Nasdaq Sees Sharpest Drop In More Than a Year Amid Selloff In Chip Stocks
Stocks plunged on Friday amid a broad selloff in chip stocks and rising Treasury yields that followed a stronger-than-expected jobs report.
The Nasdaq Composite dropped more than 4%, its largest drop since April last year. The S&P 500 fell 2.64%, while the Dow Jones Industrial Average dropped 1.35%.
Broadcom shares fell by more than 6% on the session after already dropping 12% on Thursday. Marvell Technology and Micron Technology fell 12% and 11%, respectively.
Anshul Sharma, chief investment officer at Savvy Wealth, said “this is a bit of profit taking.” “The AI narrative still remains intact, but I do think that the expectations got more elevated than they thought, and I think even relatively good news can end up disappointing when it’s not as high as where the expectations are.”

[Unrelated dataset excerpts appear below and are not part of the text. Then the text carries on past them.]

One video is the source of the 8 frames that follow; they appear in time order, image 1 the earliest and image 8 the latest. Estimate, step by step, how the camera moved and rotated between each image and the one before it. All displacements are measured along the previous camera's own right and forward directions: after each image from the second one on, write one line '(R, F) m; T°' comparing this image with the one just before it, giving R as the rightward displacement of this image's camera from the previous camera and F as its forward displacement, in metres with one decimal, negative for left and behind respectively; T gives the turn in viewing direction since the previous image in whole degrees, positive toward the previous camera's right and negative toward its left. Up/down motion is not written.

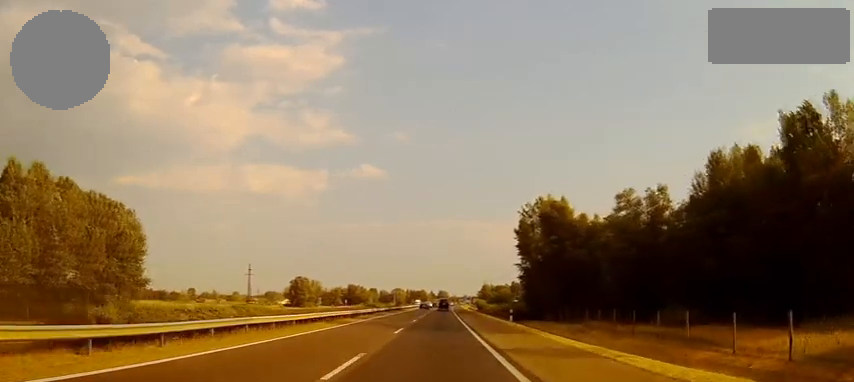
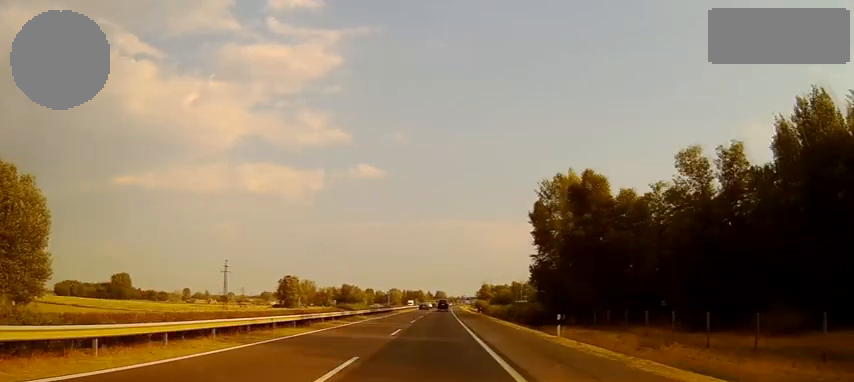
(0.0, +19.5) m; 0°
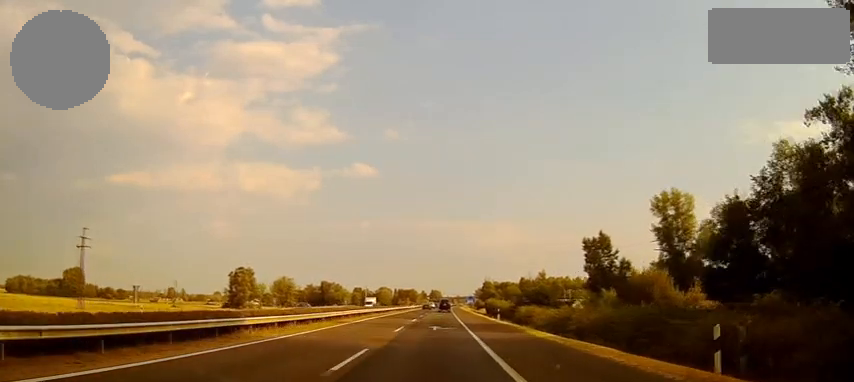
(+0.3, +71.4) m; +1°
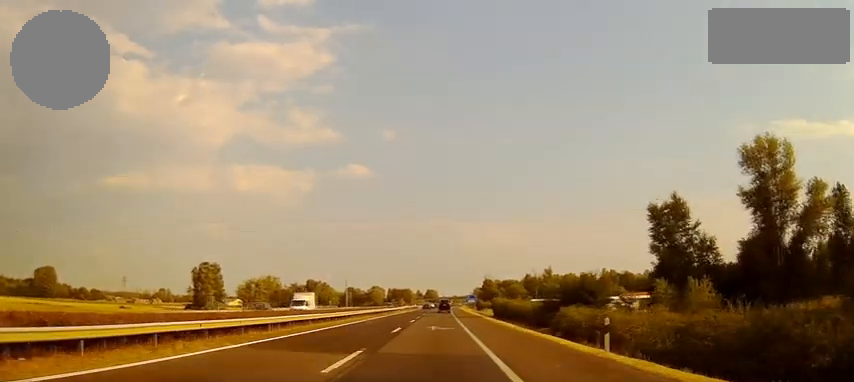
(+0.2, +36.3) m; 0°
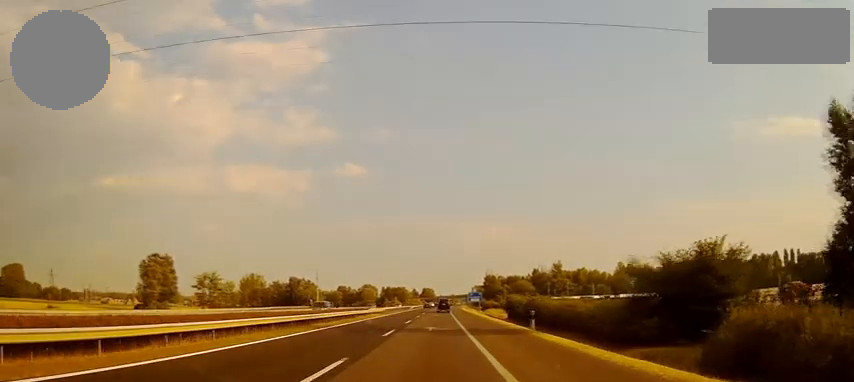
(+0.1, +38.8) m; 0°
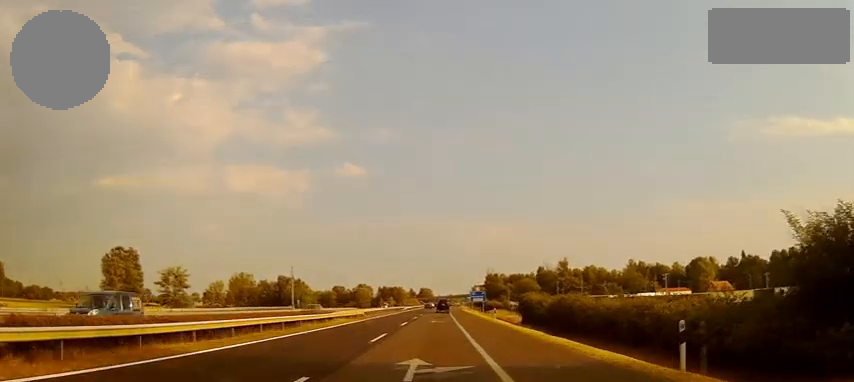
(0.0, +21.9) m; 0°
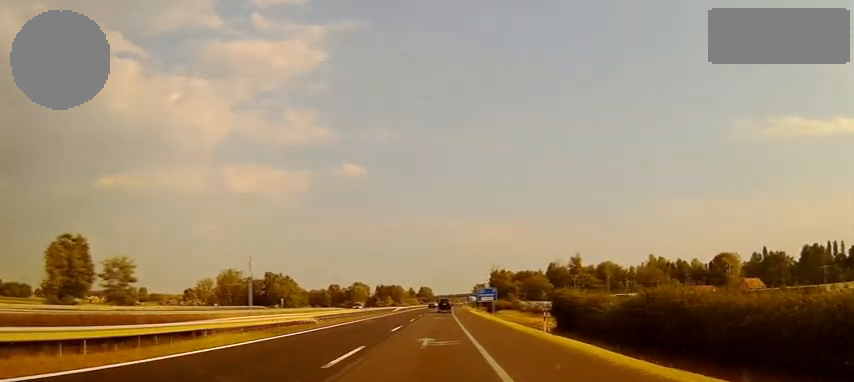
(0.0, +27.0) m; 0°
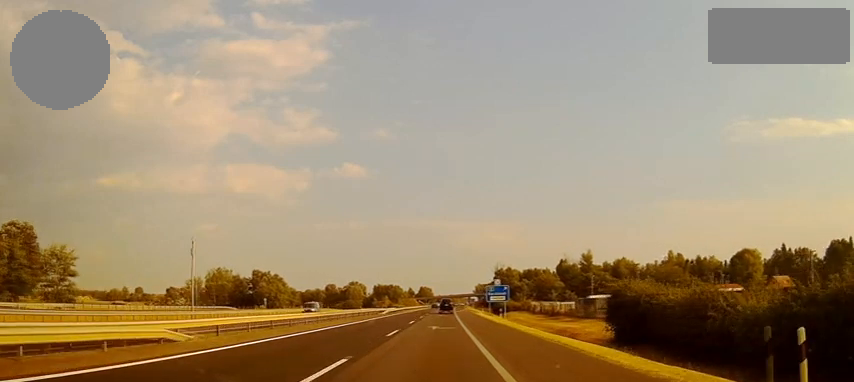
(0.0, +21.8) m; 0°
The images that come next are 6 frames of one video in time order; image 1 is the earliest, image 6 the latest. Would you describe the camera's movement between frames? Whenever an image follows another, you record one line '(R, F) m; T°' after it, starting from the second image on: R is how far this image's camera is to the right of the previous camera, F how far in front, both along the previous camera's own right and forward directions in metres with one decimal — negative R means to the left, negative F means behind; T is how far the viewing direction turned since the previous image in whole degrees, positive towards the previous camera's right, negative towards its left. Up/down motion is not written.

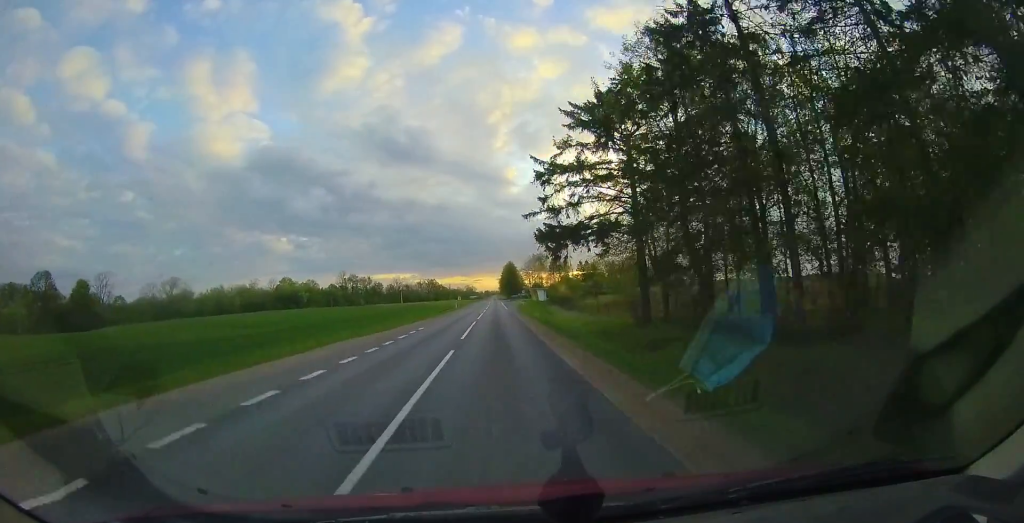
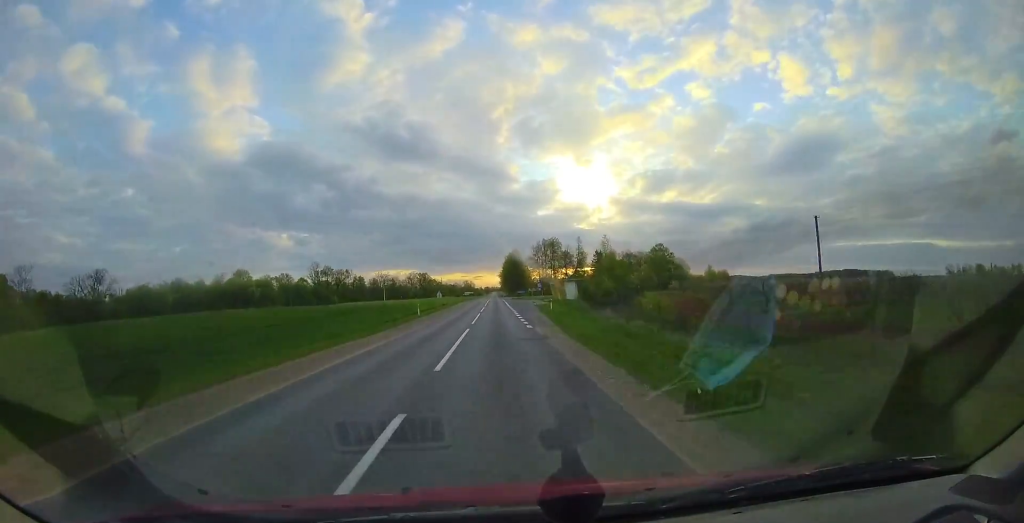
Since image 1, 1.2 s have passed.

Treasury yields also climbed after job growth surged beyond expectations in May, according to new data from the Bureau of Labor Statistics.
Concretely, nonfarm payrolls climbed 172,000 last month, more than twice the figure expected by the Dow Jones consensus. April’s figure was revised upwards to 179,000.
The unemployment rate stood at 4.3%, in line with expectations. “Among the major worker groups, the unemployment rates showed little or no change in May for adult men (4.0 percent), adult women (3.8 percent), teenagers (14.7 percent), and people who are White (3.8 percent), Black (6.6 percent), Asian (3.8 percent), or Hispanic (5.0 percent),” the report noted.
Average hourly earnings climbed 0.3% compared to the previous month and 3.4% in an inter-annual basis, also in line with expectations. Inflation stood at 3.8% in April, largely as a result of energy-related spikes resulting from the war in Iran, meaning that wage growth is lagging price increases.
The report could increase the chances of an interest rate hike this year by the Federal Reserve, according to market observers.
CME’s FedWatch increased chances of a rate hike by the end of December at almost 70%, compared to 52% before the latest figures. The market still expects rates to remain steady at the 3.50%-3.75% range after the June meeting.
Cryptocurrencies also plunged, with Bitcoin and Ethereum extending their sharp declines this week, capping one of the cryptocurrency market’s most difficult stretches in recent years as investors pulled billions of dollars from crypto investment products and reduced exposure to risk assets.
Bitcoin fell roughly 15% during the first week of June, dropping below $63,000, while Ethereum slid to its lowest level since April 2025. The declines came amid heavy selling across digital assets, with the broader cryptocurrency market also recording significant losses. According to The Economic Times, Bitcoin’s retreat has erased a substantial portion of the gains recorded earlier in the year, while Ethereum faced additional pressure from weakening institutional demand.